— EXERCISE INSTRUCTIONS —
Below are entries to be transcribed exactly; exclude the pictures from the copy.

— SOURCE DATA —
==========

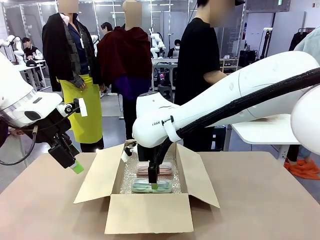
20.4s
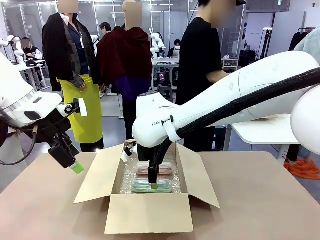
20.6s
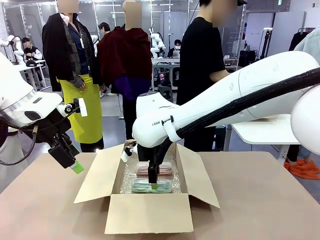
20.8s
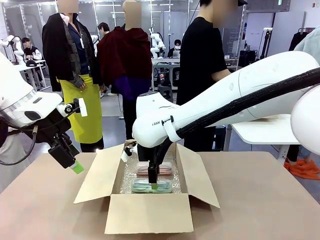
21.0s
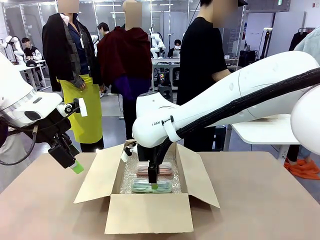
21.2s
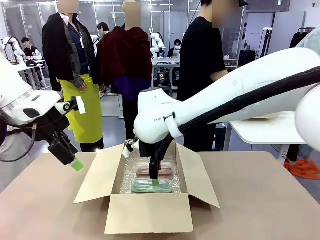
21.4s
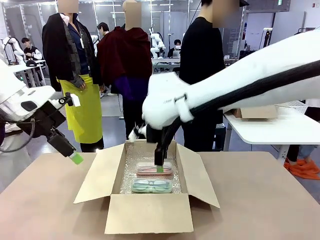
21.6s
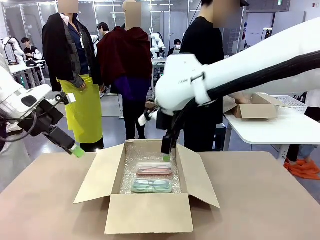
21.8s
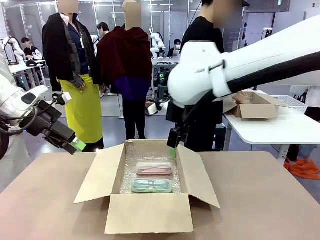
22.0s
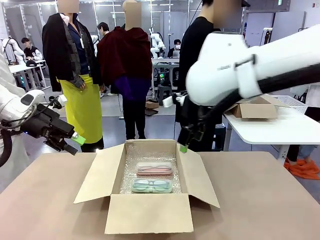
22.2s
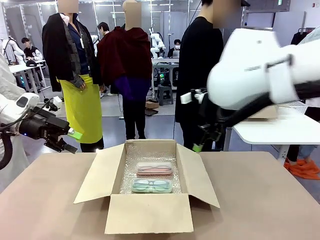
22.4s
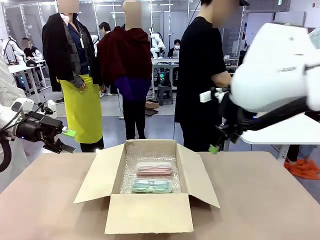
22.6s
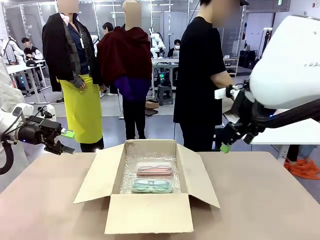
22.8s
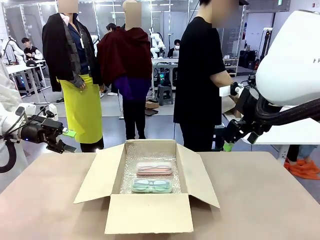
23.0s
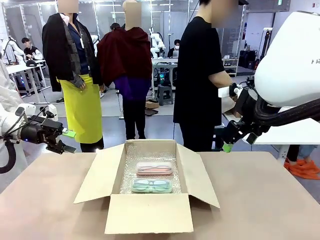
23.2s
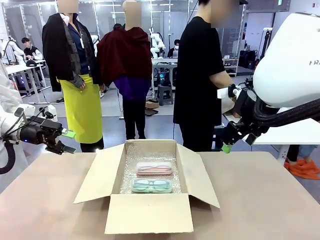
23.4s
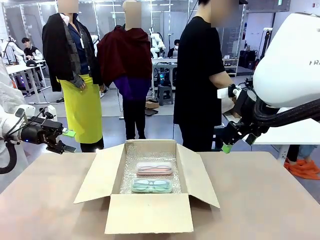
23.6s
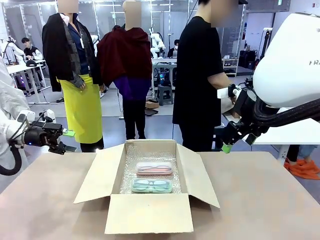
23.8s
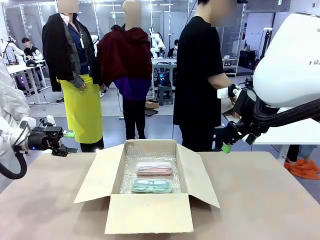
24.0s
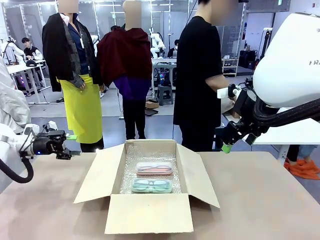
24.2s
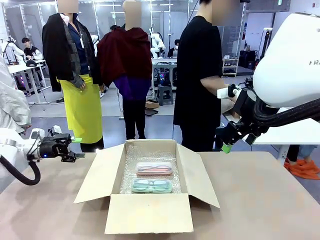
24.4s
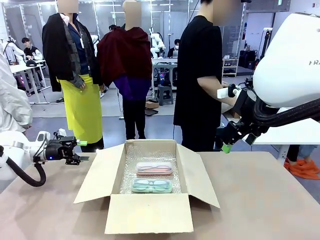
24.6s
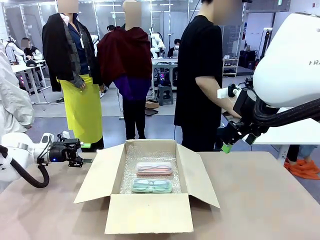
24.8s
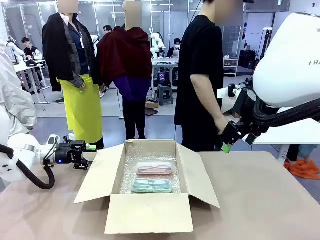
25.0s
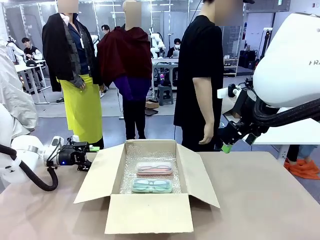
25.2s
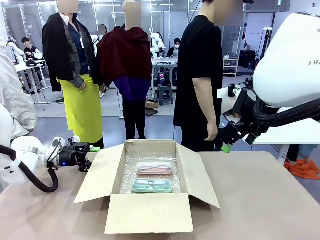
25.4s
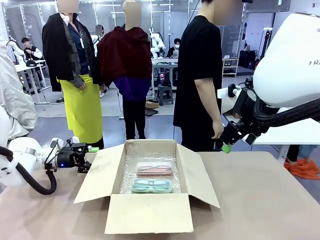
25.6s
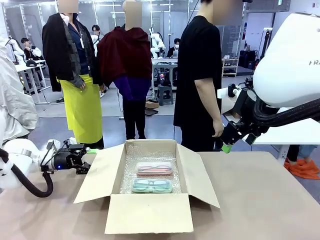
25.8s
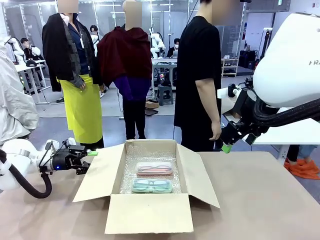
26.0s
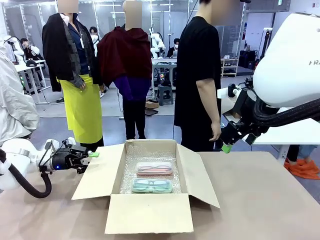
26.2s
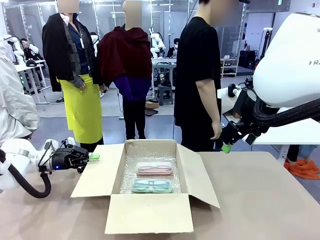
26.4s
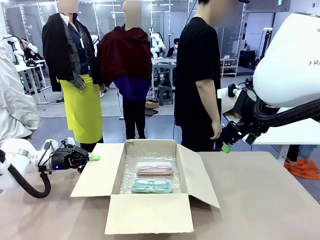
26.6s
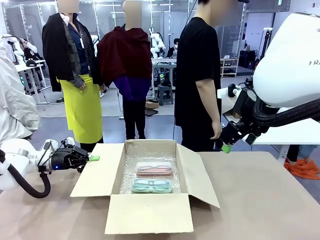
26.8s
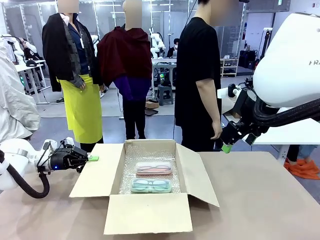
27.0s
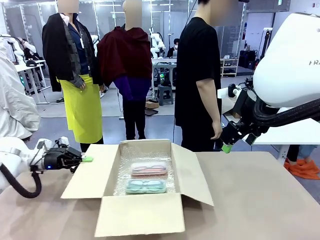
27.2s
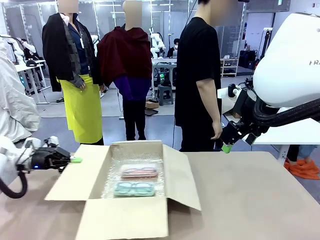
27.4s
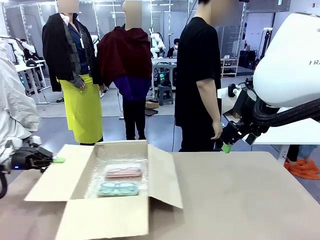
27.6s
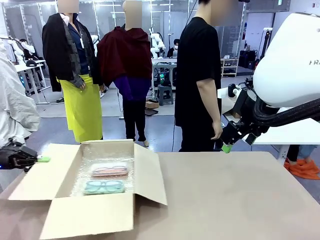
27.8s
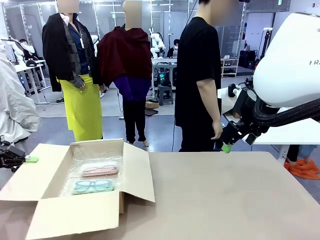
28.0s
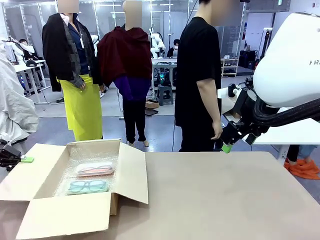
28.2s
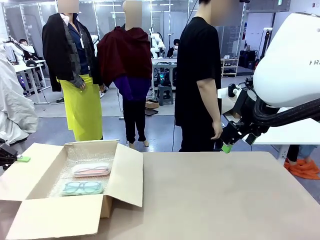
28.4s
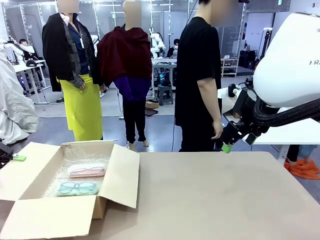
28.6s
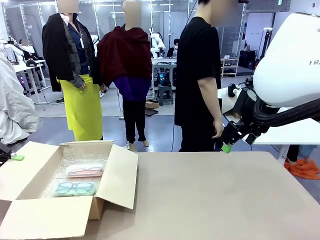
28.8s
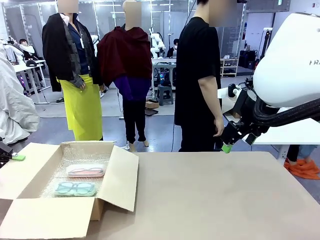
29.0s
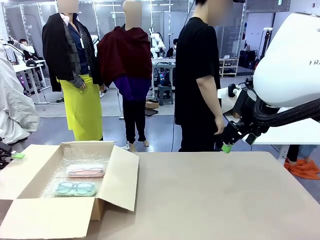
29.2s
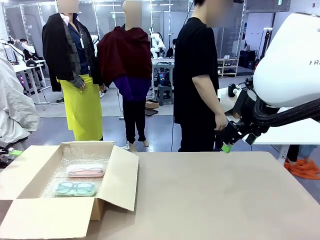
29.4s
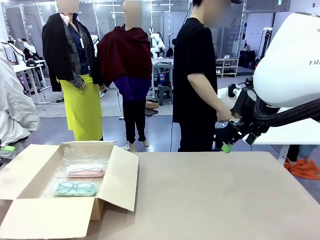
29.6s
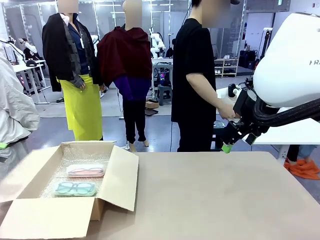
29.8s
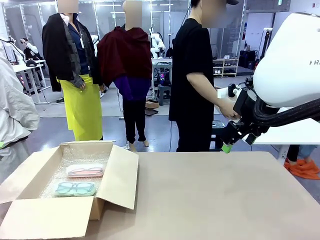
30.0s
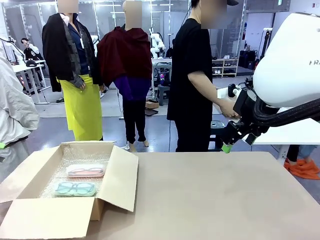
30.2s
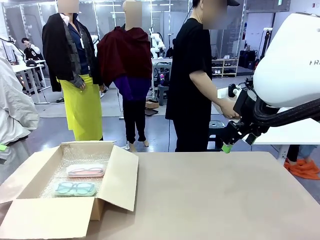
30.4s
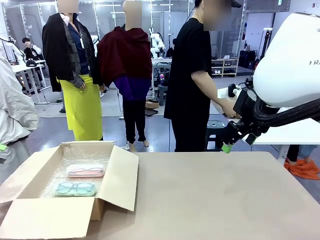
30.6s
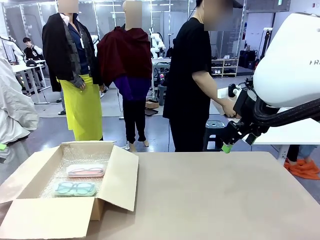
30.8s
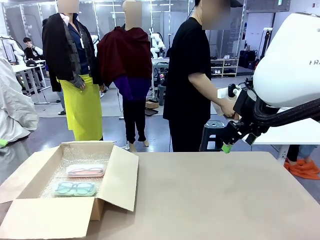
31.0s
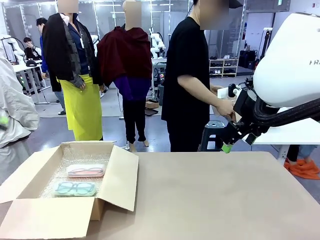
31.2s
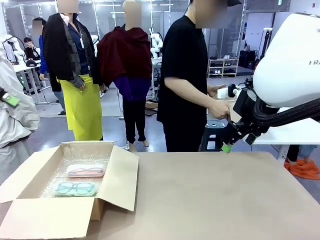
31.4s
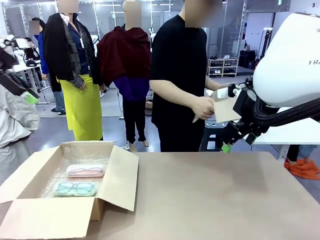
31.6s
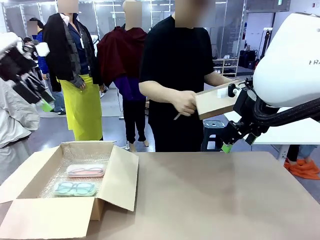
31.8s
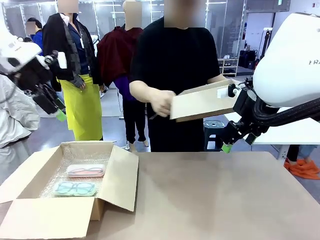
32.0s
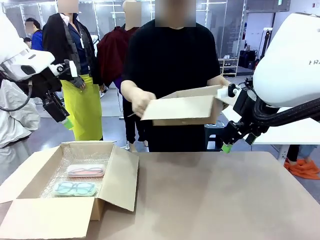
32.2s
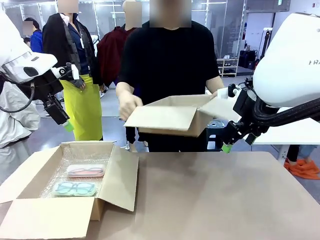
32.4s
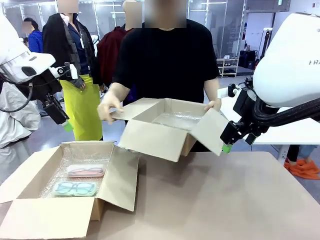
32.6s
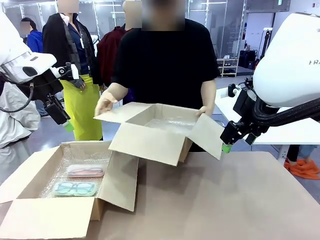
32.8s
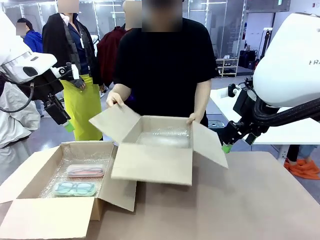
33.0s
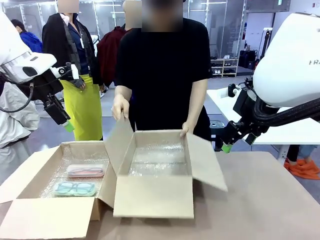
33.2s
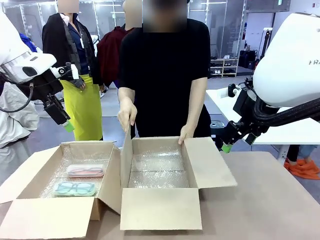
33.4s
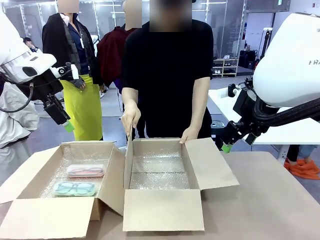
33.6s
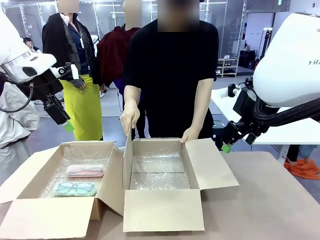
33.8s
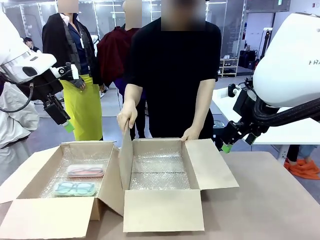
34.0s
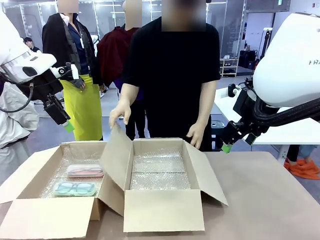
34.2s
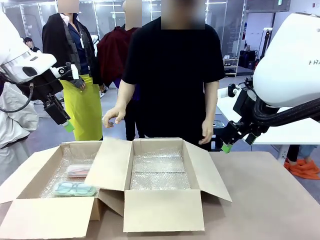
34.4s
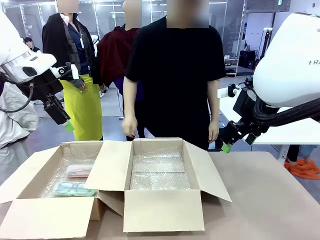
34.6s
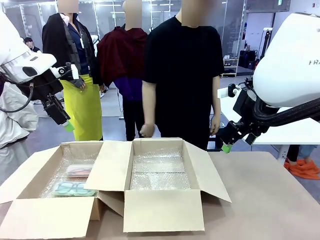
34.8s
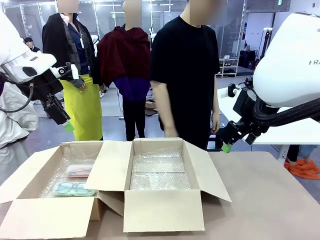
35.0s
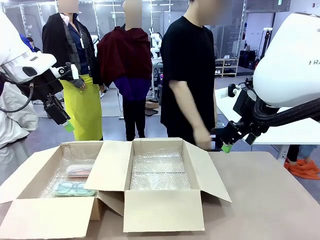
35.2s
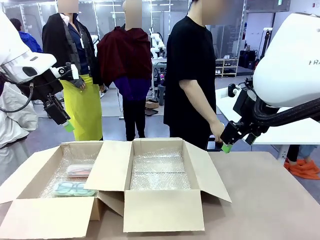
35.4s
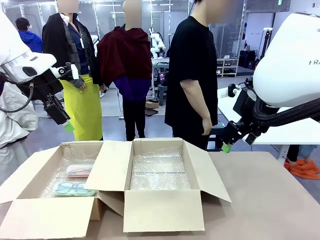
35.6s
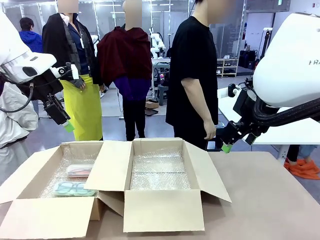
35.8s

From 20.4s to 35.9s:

==========

— TASK RESPONSE —
20.4s
20.6s
20.8s
21.0s
21.2s
21.4s
21.6s
21.8s
22.0s
22.2s
22.4s
22.6s
22.8s
23.0s
23.2s
23.4s
23.6s
23.8s
24.0s
24.2s
24.4s
24.6s
24.8s
25.0s
25.2s
25.4s
25.6s
25.8s
26.0s
26.2s
26.4s
26.6s
26.8s
27.0s
27.2s
27.4s
27.6s
27.8s
28.0s
28.2s
28.4s
28.6s
28.8s
29.0s
29.2s
29.4s
29.6s
29.8s
30.0s
30.2s
30.4s
30.6s
30.8s
31.0s
31.2s
31.4s
31.6s
31.8s
32.0s
32.2s
32.4s
32.6s
32.8s
33.0s
33.2s
33.4s
33.6s
33.8s
34.0s
34.2s
34.4s
34.6s
34.8s
35.0s
35.2s
35.4s
35.6s
35.8s

From 20.4s to 35.9s:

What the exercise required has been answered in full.